How you would do a cross-aggregate projection with Commanded?

artem · September 18, 2023, 10:08pm

Hi all

I am new to Commanded and whole world of CQRS, trying to evaluate whether it would suite my case. I would appreciate suggestions on how you would do a cross-aggregate projection.

I am thinking about a small specialized Human Resources related service. Candidates submit their resumes, Recruiters submit their vacancies. Commanded and CQRS should work just fine for whichever slices and dices I’d want to have e.g. for listing the highest paying vacancies in a particular field.

But I can’t wrap my head about recommendations. If I have a primitive recommendation engine to recommend candidates with elixir skill to recruiters looking for elixir skill and the other way around, does it essentially mean that I need to build a projection (a PostgreSQL table most probably) on every vacancy/candidate update? Possibly even rebuild the whole table on every small aggregate change?

Is it normal and expected or am I missing something?
Or is it conceptually okay to have separate projections for candidates/recruiters and “derive” recommendations by querying them with an sql JOIN? Even if recommendations will become more computationally intensive later (e.g. require calling a machine leaning mode)?
Or is it a known problem with the known recommendations?
How would you do it? I will be grateful for any pointers.

tcoopman · September 19, 2023, 12:04pm

Hi Artem,

I think there are multiple solutions to what you’re talking about and they are not as much commanded related, but are practices related to EventSourcing in general.

Most of this depends on how you’re modelling your solution.

Firstly, a side remark that might be not super relevant for your question, but I’d like to add it anyway:
In Domain-Driven Design (DDD) I like to make it very explicit what an aggregate is: An aggregate is responsible to keep certain constraints consistent at all times.
On the other hand in EventSourcing a stream is some logical grouping of events. For example everything that happens on 1 resume, could be a stream, but I would only call it an aggregate when you also have constraints that you need to guard.

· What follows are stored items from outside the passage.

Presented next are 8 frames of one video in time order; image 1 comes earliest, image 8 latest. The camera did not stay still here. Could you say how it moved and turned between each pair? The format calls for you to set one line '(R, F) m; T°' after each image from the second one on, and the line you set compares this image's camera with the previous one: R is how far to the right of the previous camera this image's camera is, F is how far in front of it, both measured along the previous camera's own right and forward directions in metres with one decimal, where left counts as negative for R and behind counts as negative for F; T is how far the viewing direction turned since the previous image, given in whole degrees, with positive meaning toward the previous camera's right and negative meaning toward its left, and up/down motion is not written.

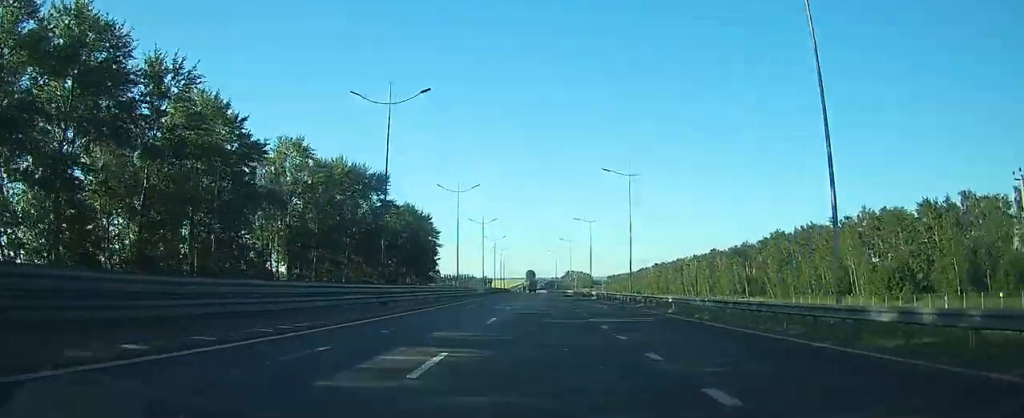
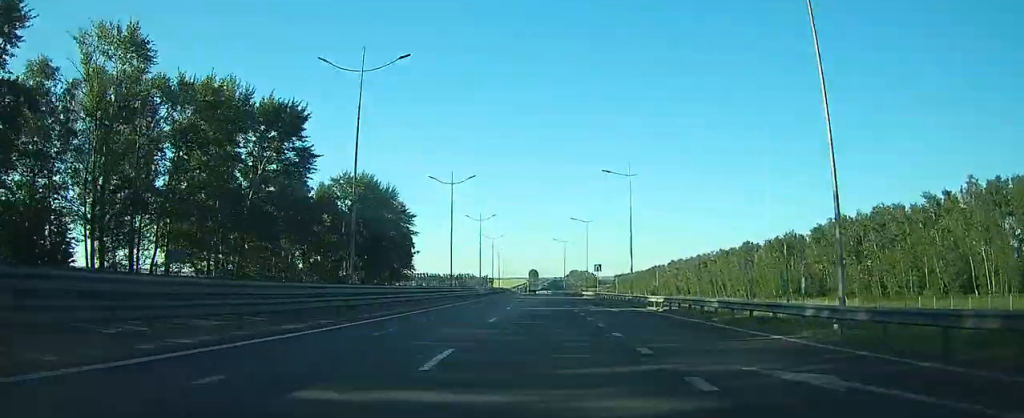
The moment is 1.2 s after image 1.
(-0.1, +35.2) m; 0°
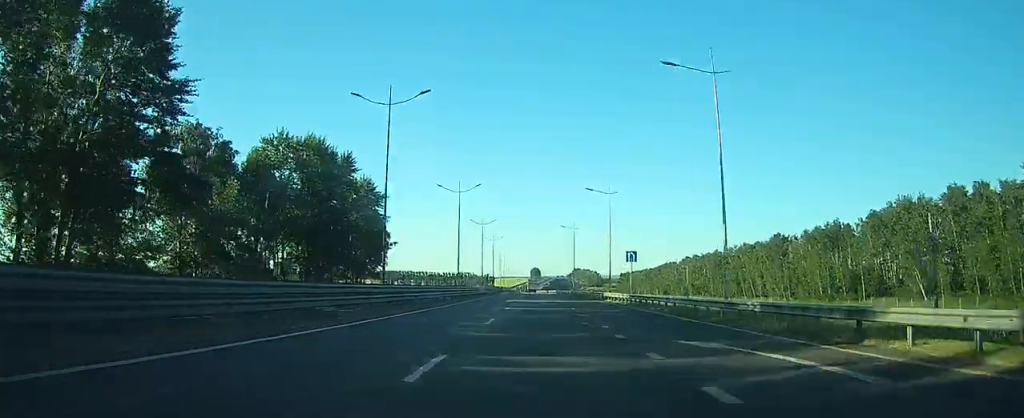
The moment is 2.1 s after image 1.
(0.0, +24.9) m; 0°
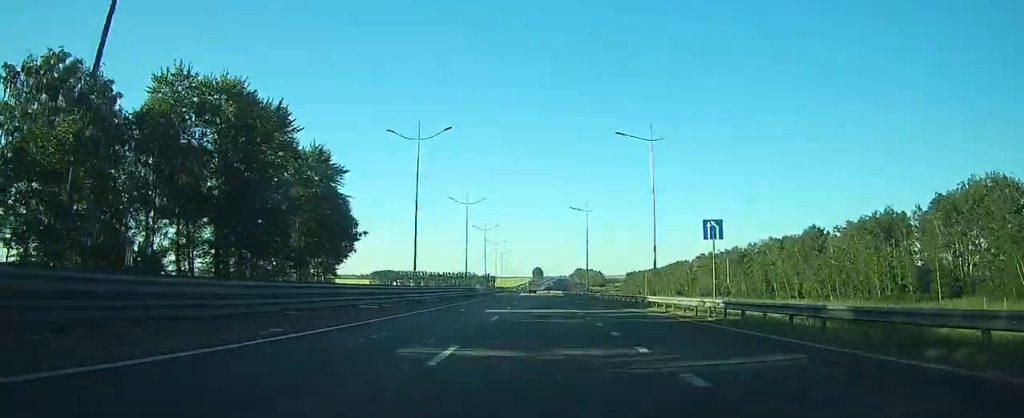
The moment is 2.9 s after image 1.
(-0.1, +22.2) m; 0°
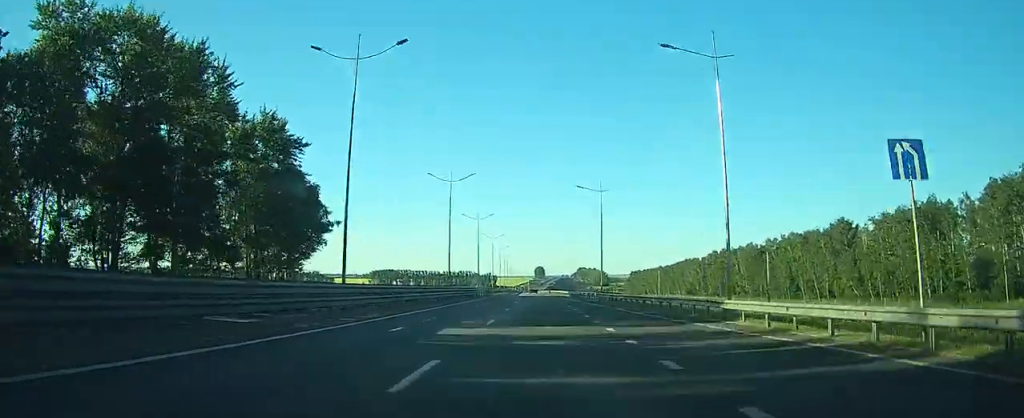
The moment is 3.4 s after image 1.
(0.0, +14.5) m; 0°
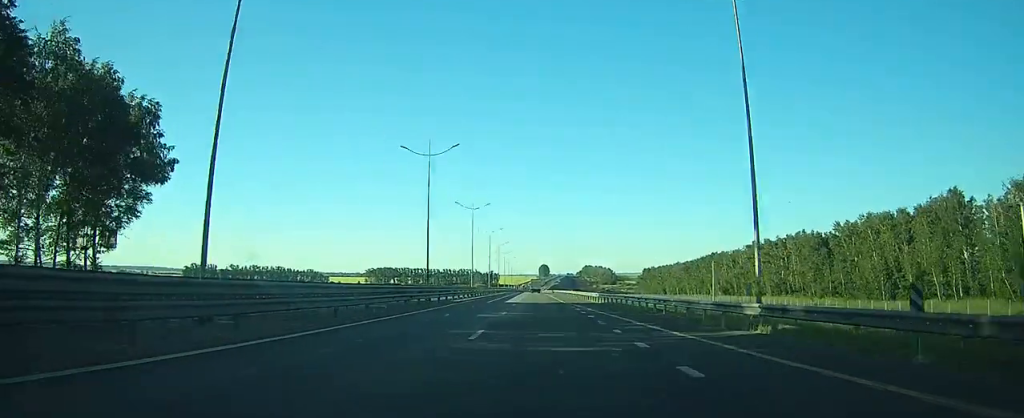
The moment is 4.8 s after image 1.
(-0.1, +40.8) m; 0°
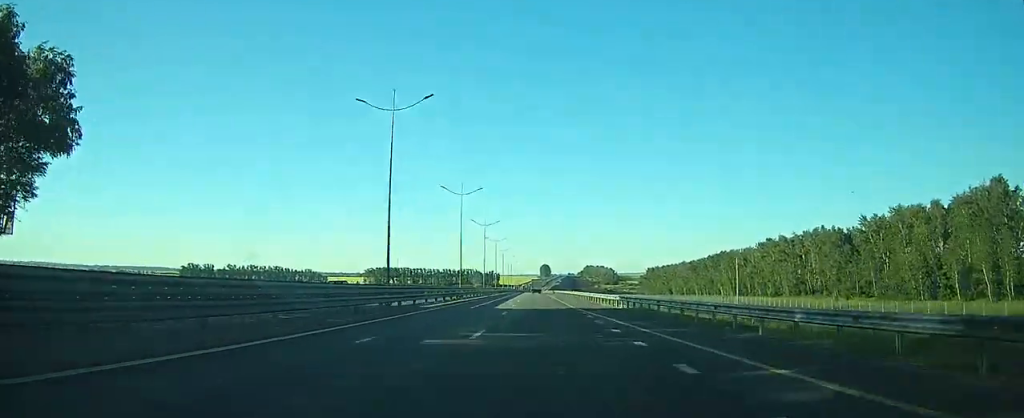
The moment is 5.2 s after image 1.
(0.0, +11.7) m; 0°
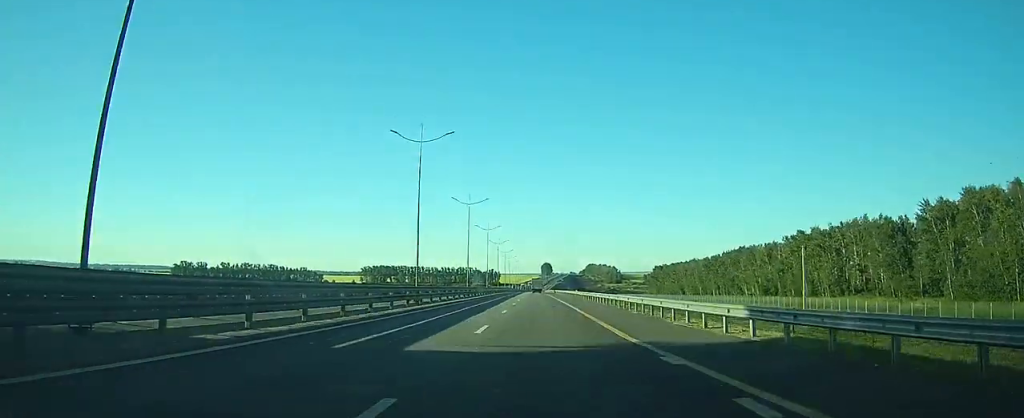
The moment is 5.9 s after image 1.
(0.0, +22.4) m; 0°

So coming back to your question, it now depends on how you model everything.
Is a person a stream? a resume? looking for candidates?

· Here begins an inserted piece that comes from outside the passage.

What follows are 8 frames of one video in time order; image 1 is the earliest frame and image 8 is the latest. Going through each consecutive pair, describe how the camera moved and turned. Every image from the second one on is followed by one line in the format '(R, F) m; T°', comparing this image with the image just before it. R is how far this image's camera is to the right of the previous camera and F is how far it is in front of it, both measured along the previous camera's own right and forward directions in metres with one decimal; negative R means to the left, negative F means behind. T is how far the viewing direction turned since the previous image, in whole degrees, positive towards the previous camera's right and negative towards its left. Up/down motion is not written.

Depending on how you model that, your need for projections will also change.
For example, I guess this would be your default model:

(green is the query, orange events)

But you could also use a process manager:

In this case, we have a process manager that links skills and vacancies, so that our projection is a bit simpler.

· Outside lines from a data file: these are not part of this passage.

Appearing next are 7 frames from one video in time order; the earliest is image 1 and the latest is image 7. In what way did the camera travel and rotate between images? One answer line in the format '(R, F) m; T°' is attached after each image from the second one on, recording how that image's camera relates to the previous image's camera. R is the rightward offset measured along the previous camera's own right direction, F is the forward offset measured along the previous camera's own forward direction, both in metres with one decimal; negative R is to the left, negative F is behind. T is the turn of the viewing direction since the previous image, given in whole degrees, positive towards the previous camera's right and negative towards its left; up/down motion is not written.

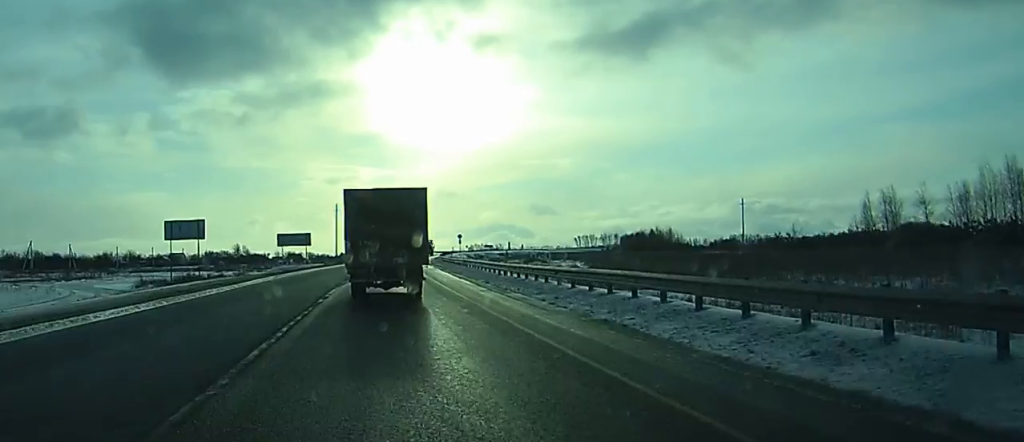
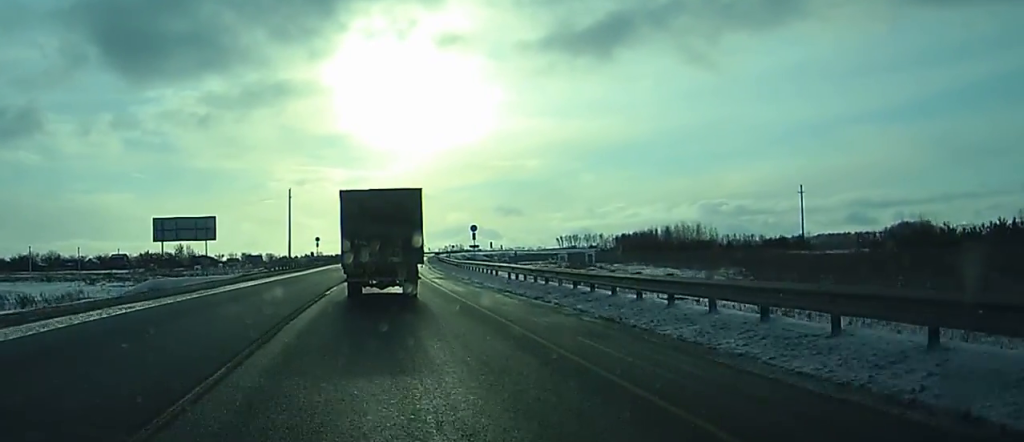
(+1.5, +48.2) m; +3°
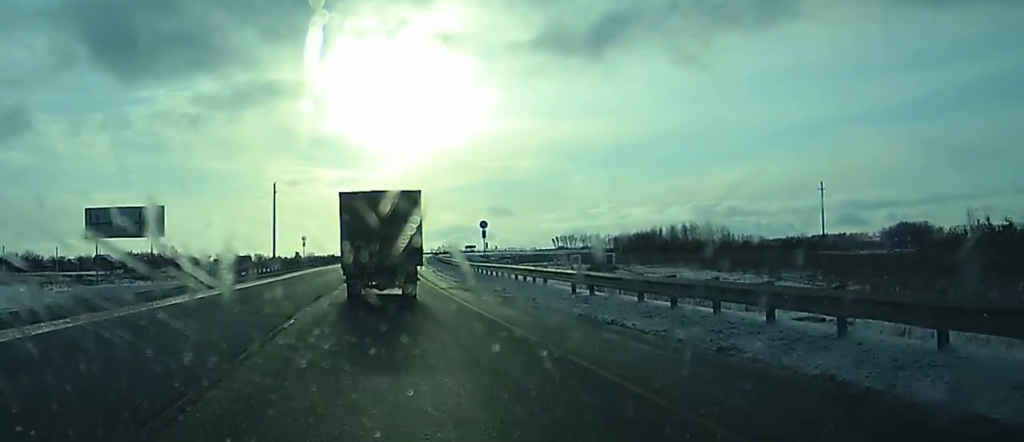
(0.0, +12.1) m; 0°
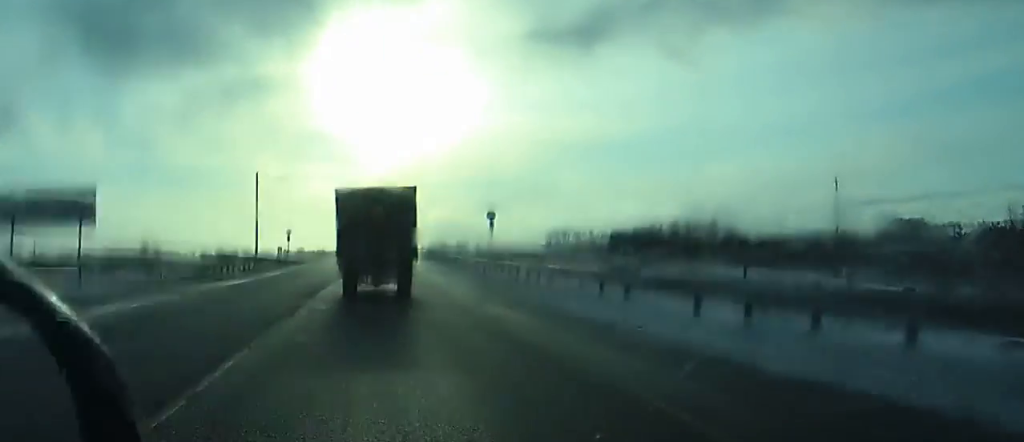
(0.0, +9.6) m; +1°
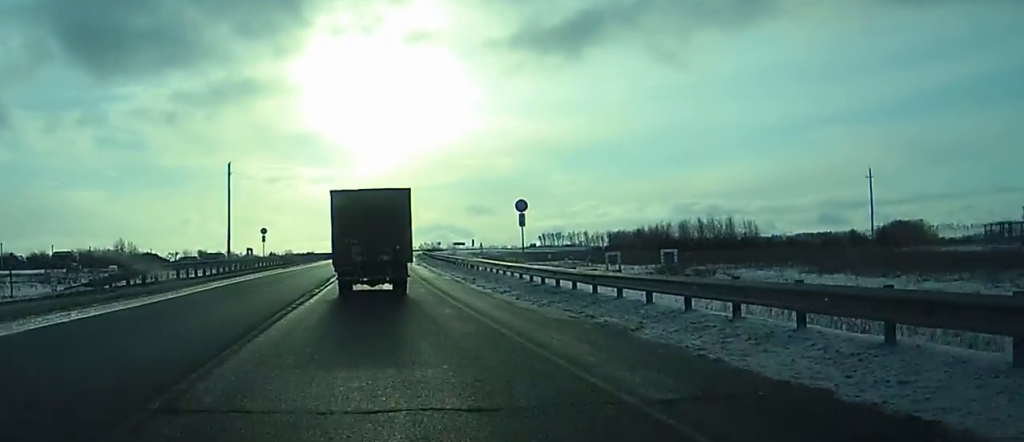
(+0.1, +15.9) m; +1°
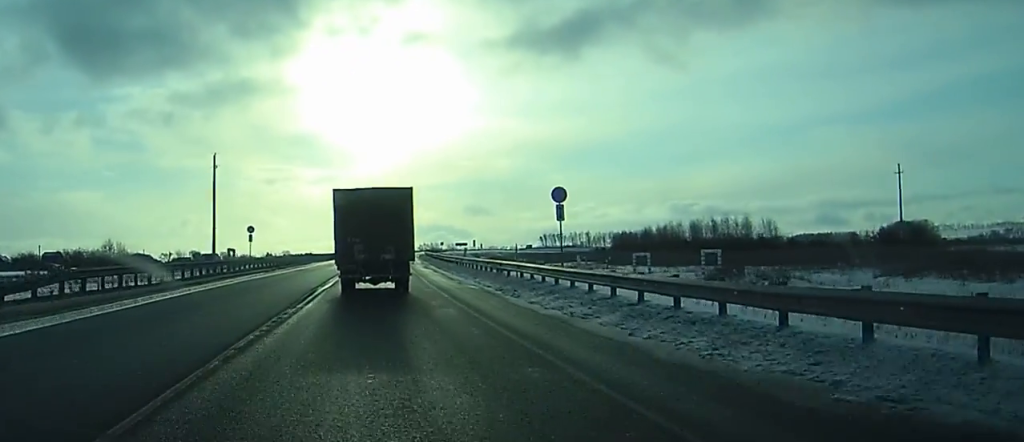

But we still have a total free choice on what the projection writes. it can be 1 table, multiple tables, it can be multiple projections.
If you want advice on that, I propose that you work out your question in a bit more detail. How do recommendations look like? What information do they need to contain. Why would you have to rebuild the whole table on every change?

artem · September 19, 2023, 3:59pm

Thank you for the explanation and illustrations, @tcoopman !

Indeed, why can’t I query the projections of resumes and vacancies and have matching as a part of a query.

Why would you have to rebuild the whole table on every change?

I somehow had it in my mind that the final projection (or a query to a projection) would be rows of vacancies with matching candidates and the other way around, so for example I was thinking of a projection table sort 'of vacancy having rows like with columns like:
vacancy_id, description, skills_needed, matched_resume_ids_or_even_full_content_as_json_array. With this projection in mind whenever a new resume is posted or removed I guess a system would need not to add a row to a table, but to change/replace the already existing one.

I suppose I would also need to learn how to handle removed/deactivated aggregated. Your image for “resume submitted” events will work perfectly when resumes are only submitted, but now I realize that I will probably need to do something when resume is deactivated for whichever reason (expired, manually unpublished) and I’d want final projections be somehow easily queryable to active resumes only.